CSWR's First Hindu View of Life Annual Lecture

April 26, 2016
John Carman, Vasudha Narayanan, Frank Clooney
John Carman, Vasudha Narayanan, Frank Clooney / Photo: Alexis Gewertz.

On April 14, Professor Vasudha Narayanan gave the Center's first Hindu View of Life Annual Lecture.

As previously reported, this lecture evokes the memory of Dr. Sarvepalli Radhakrishnan's book of that title—a fitting connection, since Dr. Radhakrishnan was the speaker at the opening of the Center in November 1960. Today, the Lecture aims to address constructively and for our era urgent issues of our time, from a perspective informed by insights and values arising from the Hindu traditions of India and Hinduism globally. As is fitting to the Center as recipient of the gift, the Lecture may also include attention to the Hindu view of pluralism and the religious traditions of the world.

Akhilesh Gupta is the donor who has made the lecture possible. He came to Harvard in the Advanced Leadership Initiative during 2014-15. In making his gift, Mr. Gupta noted that "the value of the Hindu View of Life" is due not simply to the very ancient origins of this wisdom, but to the "universal message it contains for all times and all peoples." The lessons of Hinduism's core tenets are as relevant for the modern world, he affirmed, as they were in ancient times, appealing "to a wide cross section of people, from the very scientifically-oriented to those with a devotional bent of mind." Thus, Mr. Gupta adds, "it is my privilege to support the efforts of the Center in promoting inter-faith dialogue and the opportunity for traditions to be learning from one other."

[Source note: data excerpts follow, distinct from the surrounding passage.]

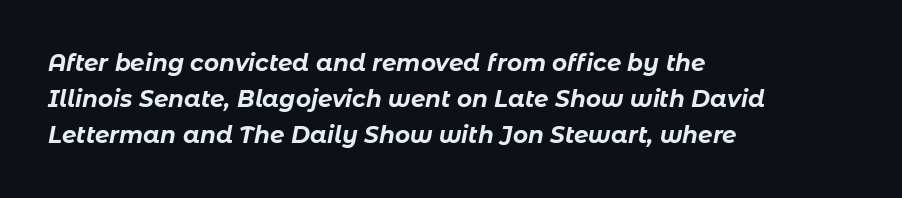
{"italic": "yes", "lean": "right", "slant_degrees": 11, "bold": "yes", "underline": "no", "align": "left", "line_spacing": "normal", "line_spacing_ratio": 1.57, "letter_spacing": "normal", "letter_spacing_em": 0.0, "glyph_px": 23}
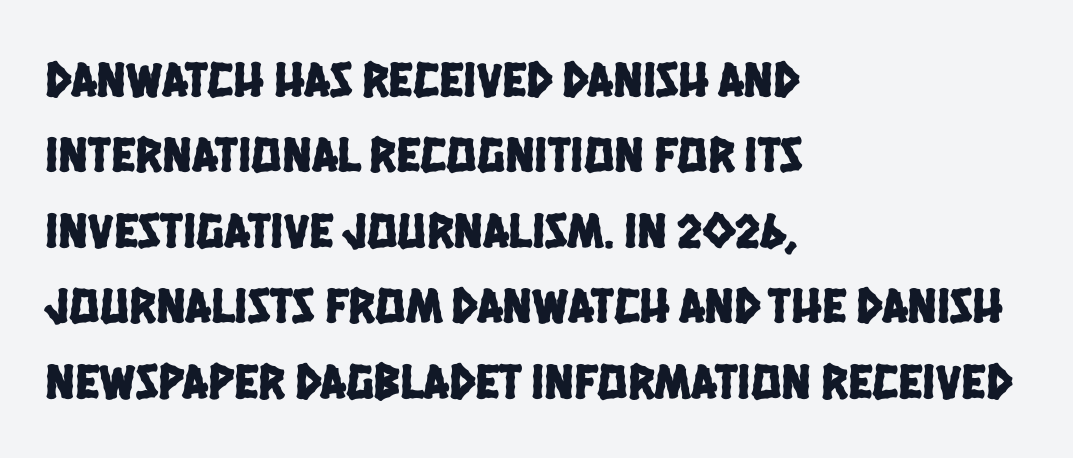
The setting favours the left margin, as ordinary paragraphs usually do. Regarding serifs, this sample does without them. What's the leading like? Ordinary, nothing unusual. Words float on clear page, feet unadorned. The face used here is proportionally spaced, like ordinary book or web type.
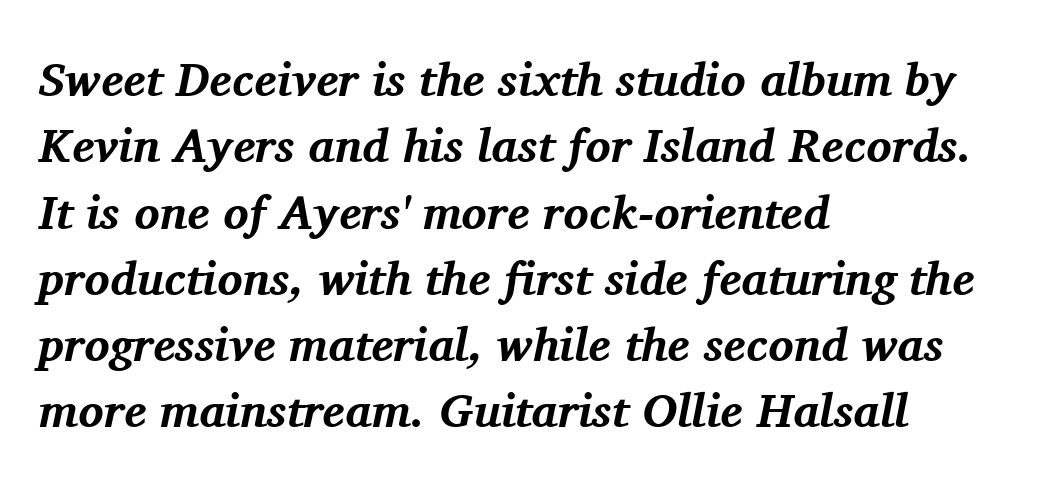
The image shows 47 px bold serif type, italic (leaning right); set left-aligned, normal line spacing (1.41x), normal letter spacing, not underlined; medium stroke contrast and a medium x-height.
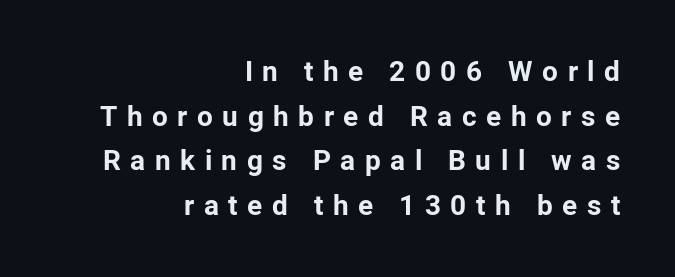
Line ends are locked; line starts wander. Spacing between characters has been opened up far beyond the box default. Every character sits straight up, as roman type does. Check where the strokes stop: nothing finishes them off — pure sans. Every letter is thick-stroked: bold, no question. Notice how descenders clear the ascenders below comfortably — that's standard leading.
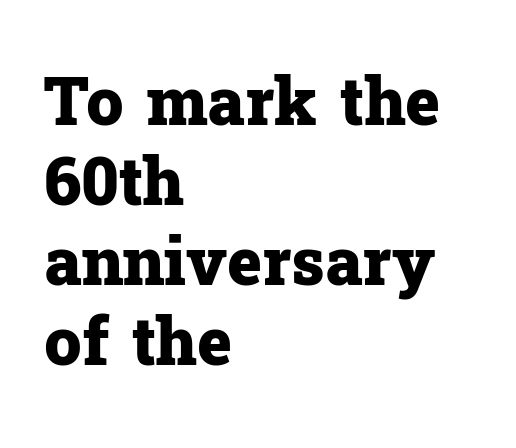
{"serif": "yes", "italic": "no", "bold": "yes", "weight": "heavy", "width": "normal", "stroke_contrast": "low", "x_height": "medium", "monospaced": "no", "underline": "no", "align": "left", "line_spacing_ratio": 1.21, "letter_spacing": "normal", "letter_spacing_em": 0.0, "glyph_px": 66}

This year's lecturer, Vasudha Narayanan, was Distinguished Professor, Department of Religion, at the University of Florida. She was educated at the Universities of Madras and Bombay in India, and at Harvard University, where, from 1975-1977 she was a resident at CSWR. She is the founder of Chitra, Center for the Study of Hindu Traditions; she was also the president of the Society for Hindu-Christian Studies from 1996-1998, and president of the American Academy of Religion (2001-2002). Dr. Narayanan was named University of Florida’s "Teacher Scholar of the Year" in 2010.

Her fields of interest are the Hindu traditions in India, Cambodia, and America; visual and expressive cultures in the study of the Hindu traditions; and gender issues. She is the author or editor of numerous books, book chapters, and articles, and encyclopedia entries. In addition, she is also the associate editor of the five-volume Brill's Encyclopedia of Hinduism. Among her many writings are several noted books, including The Way and the Goal: Expressions of Devotion in the Early Srivaisnava Tradition (1987); The Tamil Veda: Pillan's Interpretation of the Tiruvaymoli (co-authored with John Carman, former Center Director, 1989); The Vernacular Veda: Revelation, Recitation, and Ritual (1994); Hinduism (2004); The Life of Hinduism  (co-edited with John Stratton Hawley, 2007). She is currently working on Hindu temples and traditions in Cambodia. See CSWR's interview with Professor Narayanan here.

Her April 14 Lecture, Paradoxology: the Art of Praising the Deity, drew on her lifelong learning in the Srivaishnava Hindu tradition of south India, from its medieval poetry to the current life of temple community in south India and beyond. As a devotional tradition with a long history of philosophical and theological inquiry, Srivaisnava Hinduism celebrates both paradox—the unexpected confluence of the divine transcendence and divine immanence and nearness in temple worship—and para-doxology, a dedicated worship in words and deeds of the highest (para) divine couple, Narayana and Sri. This rich and fascinating lecture suggested to us timely possibilities for rethinking religious categories and understandings of practice in today's pluralistic societies. The lecture can be seen here.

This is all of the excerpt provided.